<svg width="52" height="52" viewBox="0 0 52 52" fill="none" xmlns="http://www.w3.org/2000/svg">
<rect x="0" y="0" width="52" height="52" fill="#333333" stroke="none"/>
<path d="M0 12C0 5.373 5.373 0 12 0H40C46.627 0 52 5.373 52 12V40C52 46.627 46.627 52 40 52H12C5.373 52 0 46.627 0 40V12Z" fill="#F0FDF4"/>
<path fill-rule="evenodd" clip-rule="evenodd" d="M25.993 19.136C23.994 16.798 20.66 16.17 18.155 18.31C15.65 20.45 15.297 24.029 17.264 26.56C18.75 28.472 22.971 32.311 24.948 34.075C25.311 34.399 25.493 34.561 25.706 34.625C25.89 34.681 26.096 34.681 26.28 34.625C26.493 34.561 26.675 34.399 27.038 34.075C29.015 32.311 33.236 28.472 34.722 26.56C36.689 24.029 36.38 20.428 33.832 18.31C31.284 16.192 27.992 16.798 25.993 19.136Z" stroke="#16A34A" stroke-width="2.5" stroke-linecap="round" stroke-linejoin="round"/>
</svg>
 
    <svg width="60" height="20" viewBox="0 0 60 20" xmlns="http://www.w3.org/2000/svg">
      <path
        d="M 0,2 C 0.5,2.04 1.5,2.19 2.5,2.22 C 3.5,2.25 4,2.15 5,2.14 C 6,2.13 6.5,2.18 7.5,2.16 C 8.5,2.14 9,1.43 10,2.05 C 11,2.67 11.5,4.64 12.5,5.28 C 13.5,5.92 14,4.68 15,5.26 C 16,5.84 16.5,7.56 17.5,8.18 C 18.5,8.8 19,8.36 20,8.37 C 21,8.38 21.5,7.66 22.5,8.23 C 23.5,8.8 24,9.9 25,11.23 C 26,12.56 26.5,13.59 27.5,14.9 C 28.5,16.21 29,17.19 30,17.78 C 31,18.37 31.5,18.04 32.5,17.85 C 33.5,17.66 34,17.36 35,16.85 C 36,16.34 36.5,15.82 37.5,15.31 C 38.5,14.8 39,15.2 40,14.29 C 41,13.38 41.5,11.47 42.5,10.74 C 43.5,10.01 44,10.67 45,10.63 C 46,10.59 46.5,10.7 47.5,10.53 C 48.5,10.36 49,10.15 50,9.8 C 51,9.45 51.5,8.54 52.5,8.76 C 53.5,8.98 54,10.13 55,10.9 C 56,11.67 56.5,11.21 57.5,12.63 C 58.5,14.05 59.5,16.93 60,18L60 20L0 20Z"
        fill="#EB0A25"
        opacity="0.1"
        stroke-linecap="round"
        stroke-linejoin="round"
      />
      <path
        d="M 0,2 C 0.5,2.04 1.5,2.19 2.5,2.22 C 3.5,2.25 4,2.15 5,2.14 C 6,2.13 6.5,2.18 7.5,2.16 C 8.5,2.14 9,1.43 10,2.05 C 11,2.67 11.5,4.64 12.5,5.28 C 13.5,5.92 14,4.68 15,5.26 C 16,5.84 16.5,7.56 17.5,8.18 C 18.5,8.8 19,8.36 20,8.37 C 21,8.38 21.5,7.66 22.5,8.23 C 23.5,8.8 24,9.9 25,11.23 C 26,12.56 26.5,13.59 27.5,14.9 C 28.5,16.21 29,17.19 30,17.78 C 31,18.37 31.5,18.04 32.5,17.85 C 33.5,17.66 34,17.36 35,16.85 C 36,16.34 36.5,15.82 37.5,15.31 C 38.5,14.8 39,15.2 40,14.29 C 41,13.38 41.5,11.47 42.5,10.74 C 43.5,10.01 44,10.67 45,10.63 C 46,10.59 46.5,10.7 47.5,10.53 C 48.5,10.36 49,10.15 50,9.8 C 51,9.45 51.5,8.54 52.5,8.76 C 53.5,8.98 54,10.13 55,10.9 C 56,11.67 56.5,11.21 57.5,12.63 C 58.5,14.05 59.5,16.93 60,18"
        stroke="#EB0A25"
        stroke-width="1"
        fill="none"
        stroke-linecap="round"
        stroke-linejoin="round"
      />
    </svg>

● ● ●

Up to and including the line with "12C0 5.373 5.373", transcribe the entries above exactly, starting from their first line.

Response:
<svg width="52" height="52" viewBox="0 0 52 52" fill="none" xmlns="http://www.w3.org/2000/svg">
<rect x="0" y="0" width="52" height="52" fill="#333333" stroke="none"/>
<path d="M0 12C0 5.373 5.373 0 12 0H40C46.627 0 52 5.373 52 12V40C52 46.627 46.627 52 40 52H12C5.373 52 0 46.627 0 40V12Z" fill="#F0FDF4"/>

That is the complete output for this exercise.